Crowdsourcing the Complexities of Electronic Design Automation
Researchers develop an online game that may one day help chipmakers improve their designs
30 July 2009—Electronic design automation (EDA) is full of large, intricate problems. Figuring out the best way to arrange transistors on a chip, for example, becomes exponentially more complex as the number of transistors increases. Computer scientists have made great strides in developing algorithms that can solve many of these problems, but a team of researchers at the University of Michigan, in Ann Arbor, believes that the industry could benefit from a different resource: human intuition.
“These kinds of problems are difficult for computers to solve. We started by thinking, ‘How can humans help electronic design automation?’ ” says Valeria Bertacco, an associate professor in computer science and engineering. She and Andrew DeOrio, a doctoral student, have developed an online game that challenges players to take on a type of problem common in design automation. They presented their idea of human-assisted problem solving today at the Design Automation Conference, in San Francisco.

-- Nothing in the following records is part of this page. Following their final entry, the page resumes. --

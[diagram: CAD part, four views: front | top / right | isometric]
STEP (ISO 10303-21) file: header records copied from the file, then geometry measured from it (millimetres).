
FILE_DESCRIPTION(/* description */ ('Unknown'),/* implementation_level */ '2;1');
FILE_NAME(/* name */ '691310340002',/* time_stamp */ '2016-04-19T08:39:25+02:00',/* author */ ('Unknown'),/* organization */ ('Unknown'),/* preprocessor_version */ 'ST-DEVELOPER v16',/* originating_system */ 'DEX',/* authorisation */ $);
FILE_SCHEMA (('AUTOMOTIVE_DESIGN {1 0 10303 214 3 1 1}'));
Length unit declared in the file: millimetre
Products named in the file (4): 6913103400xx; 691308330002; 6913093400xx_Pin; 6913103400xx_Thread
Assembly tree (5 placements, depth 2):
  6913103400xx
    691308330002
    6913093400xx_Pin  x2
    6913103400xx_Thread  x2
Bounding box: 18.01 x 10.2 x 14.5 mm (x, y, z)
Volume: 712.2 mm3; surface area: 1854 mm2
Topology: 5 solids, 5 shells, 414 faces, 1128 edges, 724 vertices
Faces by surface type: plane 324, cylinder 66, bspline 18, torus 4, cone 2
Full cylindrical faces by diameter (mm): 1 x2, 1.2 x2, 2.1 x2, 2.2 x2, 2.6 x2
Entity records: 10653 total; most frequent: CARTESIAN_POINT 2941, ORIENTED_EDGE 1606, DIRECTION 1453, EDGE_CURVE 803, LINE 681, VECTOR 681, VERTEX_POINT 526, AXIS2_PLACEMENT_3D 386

In large, complex EDA problems, there are initially millions of possible paths to a solution. It’s similar to a maze: At the beginning, you have to pick an initial path to explore and see where it leads. The problem for designers is that the number of solution paths increases exponentially with the number of variables. Even the best algorithms can get tripped up if they start down a search path with no possible solution.
Bertacco and DeOrio’s game simulates ”satisfiability problems,” a common class of problem encountered in EDA. A satisfiability problem consists of a number of Boolean expressions that must be simultaneously satisfied and a number of variables that may be either true or false. As an example, consider a Boolean expression with two variables, x and y , satisfied only when x and y are different. There are two ways to satisfy this particular expression: by assigning x as true and y as false, or vice-versa. But other expressions may depend on the assignment of x as well.

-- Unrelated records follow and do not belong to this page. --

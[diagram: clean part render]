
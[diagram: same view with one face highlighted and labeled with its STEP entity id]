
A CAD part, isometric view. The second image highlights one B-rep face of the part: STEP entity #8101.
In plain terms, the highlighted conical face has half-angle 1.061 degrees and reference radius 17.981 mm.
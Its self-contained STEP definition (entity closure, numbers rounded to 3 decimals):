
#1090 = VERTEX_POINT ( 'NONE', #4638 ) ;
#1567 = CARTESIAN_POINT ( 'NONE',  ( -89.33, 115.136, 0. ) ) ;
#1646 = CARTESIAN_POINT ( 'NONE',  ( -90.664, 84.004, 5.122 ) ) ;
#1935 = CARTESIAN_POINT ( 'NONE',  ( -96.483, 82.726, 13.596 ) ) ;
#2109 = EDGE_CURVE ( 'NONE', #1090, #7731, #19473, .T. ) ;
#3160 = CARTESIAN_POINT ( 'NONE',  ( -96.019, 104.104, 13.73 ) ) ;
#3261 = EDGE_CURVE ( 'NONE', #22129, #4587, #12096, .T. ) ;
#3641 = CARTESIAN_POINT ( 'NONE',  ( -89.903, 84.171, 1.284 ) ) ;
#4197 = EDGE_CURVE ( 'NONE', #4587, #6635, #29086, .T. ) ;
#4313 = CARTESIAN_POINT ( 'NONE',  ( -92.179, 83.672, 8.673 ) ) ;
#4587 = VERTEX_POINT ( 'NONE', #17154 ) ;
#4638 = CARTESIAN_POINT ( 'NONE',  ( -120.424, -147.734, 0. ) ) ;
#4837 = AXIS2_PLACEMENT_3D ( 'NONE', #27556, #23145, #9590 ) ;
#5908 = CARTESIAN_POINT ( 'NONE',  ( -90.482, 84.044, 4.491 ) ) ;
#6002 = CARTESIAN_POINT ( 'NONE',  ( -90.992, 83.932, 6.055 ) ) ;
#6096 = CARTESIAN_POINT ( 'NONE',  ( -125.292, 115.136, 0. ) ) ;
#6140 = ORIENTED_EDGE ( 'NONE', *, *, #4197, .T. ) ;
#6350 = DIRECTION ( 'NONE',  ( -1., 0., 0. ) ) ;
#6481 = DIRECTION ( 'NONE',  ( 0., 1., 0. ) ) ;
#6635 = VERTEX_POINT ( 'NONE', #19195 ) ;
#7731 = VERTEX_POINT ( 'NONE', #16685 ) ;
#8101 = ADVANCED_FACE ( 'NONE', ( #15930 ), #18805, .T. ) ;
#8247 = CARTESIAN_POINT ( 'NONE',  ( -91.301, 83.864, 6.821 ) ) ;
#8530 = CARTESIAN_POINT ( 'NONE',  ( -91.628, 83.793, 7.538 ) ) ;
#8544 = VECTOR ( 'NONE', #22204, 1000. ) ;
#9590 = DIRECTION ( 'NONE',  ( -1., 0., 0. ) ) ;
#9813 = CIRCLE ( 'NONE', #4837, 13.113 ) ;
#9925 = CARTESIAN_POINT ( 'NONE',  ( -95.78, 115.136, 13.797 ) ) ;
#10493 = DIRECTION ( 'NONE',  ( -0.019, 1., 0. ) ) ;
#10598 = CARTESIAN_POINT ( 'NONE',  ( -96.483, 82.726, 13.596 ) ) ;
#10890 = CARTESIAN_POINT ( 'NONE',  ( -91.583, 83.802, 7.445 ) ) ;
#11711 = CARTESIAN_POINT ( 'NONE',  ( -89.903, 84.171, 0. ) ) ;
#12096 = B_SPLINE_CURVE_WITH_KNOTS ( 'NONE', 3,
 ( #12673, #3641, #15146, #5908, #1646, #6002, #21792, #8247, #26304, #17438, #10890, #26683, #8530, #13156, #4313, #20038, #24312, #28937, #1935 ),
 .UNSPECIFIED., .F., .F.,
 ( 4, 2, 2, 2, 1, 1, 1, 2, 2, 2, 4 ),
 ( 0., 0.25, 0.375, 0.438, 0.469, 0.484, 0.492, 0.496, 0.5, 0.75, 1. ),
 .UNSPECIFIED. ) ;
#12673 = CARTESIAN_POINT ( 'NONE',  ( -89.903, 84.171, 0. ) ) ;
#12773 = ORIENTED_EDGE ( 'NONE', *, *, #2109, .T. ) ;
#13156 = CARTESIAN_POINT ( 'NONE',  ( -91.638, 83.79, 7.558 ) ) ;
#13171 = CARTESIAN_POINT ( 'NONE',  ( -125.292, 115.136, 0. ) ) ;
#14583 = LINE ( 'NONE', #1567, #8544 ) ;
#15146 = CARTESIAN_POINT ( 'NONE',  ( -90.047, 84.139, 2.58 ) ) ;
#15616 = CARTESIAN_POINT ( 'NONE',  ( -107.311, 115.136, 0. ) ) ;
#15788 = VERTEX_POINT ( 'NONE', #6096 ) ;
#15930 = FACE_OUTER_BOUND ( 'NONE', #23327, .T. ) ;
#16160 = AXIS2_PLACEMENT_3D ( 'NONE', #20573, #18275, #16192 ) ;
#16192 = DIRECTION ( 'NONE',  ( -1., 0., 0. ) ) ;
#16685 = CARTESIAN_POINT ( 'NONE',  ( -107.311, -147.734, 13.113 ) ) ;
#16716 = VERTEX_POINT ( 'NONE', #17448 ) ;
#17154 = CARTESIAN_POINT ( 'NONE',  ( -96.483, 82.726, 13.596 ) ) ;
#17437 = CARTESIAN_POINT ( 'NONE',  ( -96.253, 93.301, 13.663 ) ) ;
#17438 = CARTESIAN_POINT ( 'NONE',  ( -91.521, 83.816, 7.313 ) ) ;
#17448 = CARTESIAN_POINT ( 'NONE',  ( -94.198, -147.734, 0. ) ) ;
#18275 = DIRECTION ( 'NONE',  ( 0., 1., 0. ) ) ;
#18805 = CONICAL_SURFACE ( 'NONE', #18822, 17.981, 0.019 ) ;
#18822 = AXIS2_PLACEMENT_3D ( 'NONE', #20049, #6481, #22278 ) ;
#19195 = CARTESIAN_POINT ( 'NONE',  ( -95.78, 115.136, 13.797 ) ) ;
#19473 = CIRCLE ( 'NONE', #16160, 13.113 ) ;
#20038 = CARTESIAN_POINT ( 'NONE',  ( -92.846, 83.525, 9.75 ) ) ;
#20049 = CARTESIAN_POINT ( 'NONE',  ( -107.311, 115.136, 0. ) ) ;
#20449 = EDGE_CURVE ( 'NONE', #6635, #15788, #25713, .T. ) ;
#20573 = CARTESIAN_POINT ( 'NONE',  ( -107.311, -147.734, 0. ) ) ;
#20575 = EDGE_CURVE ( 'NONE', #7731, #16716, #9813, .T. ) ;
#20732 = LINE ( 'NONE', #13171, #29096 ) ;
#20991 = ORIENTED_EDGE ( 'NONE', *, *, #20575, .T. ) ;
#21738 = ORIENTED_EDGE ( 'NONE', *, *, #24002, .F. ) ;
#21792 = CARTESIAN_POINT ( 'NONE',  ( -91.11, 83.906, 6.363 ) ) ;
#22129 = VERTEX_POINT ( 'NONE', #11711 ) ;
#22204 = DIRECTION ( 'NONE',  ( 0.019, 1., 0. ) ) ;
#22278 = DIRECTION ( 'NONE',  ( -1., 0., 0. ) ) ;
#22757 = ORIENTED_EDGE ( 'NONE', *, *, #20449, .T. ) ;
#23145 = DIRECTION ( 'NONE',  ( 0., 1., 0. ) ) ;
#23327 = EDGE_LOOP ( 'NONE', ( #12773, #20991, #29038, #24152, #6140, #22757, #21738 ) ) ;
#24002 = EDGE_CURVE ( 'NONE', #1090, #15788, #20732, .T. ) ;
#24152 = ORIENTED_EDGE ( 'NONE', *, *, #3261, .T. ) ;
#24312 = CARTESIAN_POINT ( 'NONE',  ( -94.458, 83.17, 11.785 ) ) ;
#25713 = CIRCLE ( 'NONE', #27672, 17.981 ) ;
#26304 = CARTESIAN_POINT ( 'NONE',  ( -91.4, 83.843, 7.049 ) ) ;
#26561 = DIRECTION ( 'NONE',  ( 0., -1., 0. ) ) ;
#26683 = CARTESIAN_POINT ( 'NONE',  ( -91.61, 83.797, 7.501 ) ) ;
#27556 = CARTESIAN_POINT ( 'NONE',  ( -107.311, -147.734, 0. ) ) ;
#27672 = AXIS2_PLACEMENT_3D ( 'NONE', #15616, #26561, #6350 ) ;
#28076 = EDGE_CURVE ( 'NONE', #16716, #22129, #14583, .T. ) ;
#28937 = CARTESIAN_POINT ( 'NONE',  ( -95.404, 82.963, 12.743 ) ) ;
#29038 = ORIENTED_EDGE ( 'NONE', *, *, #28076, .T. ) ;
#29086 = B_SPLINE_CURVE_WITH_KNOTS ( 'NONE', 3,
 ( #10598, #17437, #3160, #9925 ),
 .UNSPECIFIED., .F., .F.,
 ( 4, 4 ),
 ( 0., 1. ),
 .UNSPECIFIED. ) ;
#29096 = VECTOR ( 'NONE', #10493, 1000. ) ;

Satisfiability problems are often an important part of the design verification stage of chip design. For example, they are used to find out what input combinations result in exposing a potential bug in the design. If no such combination exists, then the designers don’t have to worry about that particular bug.

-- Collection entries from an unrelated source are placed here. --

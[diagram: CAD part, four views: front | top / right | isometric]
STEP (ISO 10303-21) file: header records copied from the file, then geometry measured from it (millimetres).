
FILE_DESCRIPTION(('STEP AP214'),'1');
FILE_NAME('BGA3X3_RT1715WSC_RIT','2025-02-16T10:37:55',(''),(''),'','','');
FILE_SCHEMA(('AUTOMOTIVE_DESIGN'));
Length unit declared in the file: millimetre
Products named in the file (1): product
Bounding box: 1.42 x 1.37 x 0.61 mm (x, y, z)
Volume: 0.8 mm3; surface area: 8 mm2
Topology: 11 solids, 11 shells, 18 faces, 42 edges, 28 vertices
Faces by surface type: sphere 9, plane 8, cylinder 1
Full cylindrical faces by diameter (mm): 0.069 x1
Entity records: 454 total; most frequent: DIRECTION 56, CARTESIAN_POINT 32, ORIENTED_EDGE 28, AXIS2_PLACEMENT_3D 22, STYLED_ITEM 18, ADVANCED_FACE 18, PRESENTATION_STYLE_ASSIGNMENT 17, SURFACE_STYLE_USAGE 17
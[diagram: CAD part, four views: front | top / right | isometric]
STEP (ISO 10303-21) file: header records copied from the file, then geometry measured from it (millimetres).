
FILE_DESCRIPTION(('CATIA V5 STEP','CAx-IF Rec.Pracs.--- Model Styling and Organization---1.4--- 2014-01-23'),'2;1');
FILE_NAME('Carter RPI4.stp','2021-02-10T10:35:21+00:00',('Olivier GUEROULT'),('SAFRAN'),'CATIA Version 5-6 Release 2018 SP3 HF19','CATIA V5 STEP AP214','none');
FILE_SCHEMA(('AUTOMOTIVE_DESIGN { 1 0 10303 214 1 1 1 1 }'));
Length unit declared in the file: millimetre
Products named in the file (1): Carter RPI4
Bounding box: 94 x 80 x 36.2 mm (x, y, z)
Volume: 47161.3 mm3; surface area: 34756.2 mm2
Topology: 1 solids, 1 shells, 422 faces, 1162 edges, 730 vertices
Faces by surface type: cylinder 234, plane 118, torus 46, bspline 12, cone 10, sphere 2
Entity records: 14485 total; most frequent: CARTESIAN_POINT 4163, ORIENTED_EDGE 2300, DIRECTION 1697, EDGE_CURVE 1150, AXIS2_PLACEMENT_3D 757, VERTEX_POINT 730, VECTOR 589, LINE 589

Modern satisfiability solvers tend to prioritize and limit their searches to a few paths that look promising. By using this method, however, they don’t always find the best configuration. What humans lack in brute-force speed, they tend to make up for with pattern recognition and intuition—the ability to know a good move without being able to explain why it’s good. And, most important, they like to play games. Take the game of Go, for instance. Humans can still easily beat the best software, because of creative thinking and visual reasoning.
In Bertacco and DeOrio’s game, satisfiability problems are translated to an array of buttons and bubbles. Each bubble represents a Boolean expression and turns green when satisfied. Players toggle the state of numerous buttons until all the bubbles are green. The game play closely resembles that of Lights Out and should appeal to fans of Minesweeper or Sudoku.
Adding a human component is a new idea in the EDA world, and Bertacco eagerly awaits the response of her colleagues. But the idea of harnessing human computing power has already proved valuable in other fields. For instance, reCAPTCHA (which IEEE Spectrum uses in its Web site’s comment section to stop spam) exploits a human’s superior ability to pull information from distorted images. NASA has used a similar approach to image analysis: In its Clickworkers program, volunteers identify surface features on asteroids and Mars.
Bertacco is quick to note that the preliminary version of the online game features problems that are easily solved by today’s satisfiability algorithms. Her team’s goal is to expand the proof of concept into a multiplayer game in which many participants work on subsections of a large puzzle. The team is looking at examples of massive multiplayer online games like World of Warcraft, where many players work together to solve large problems.
A multiplayer version is the only way humans will be able to tackle the large problems encountered in EDA. “We’re talking about tens of thousands of buttons,” says Bertacco, “and that’s just not feasible for an individual.”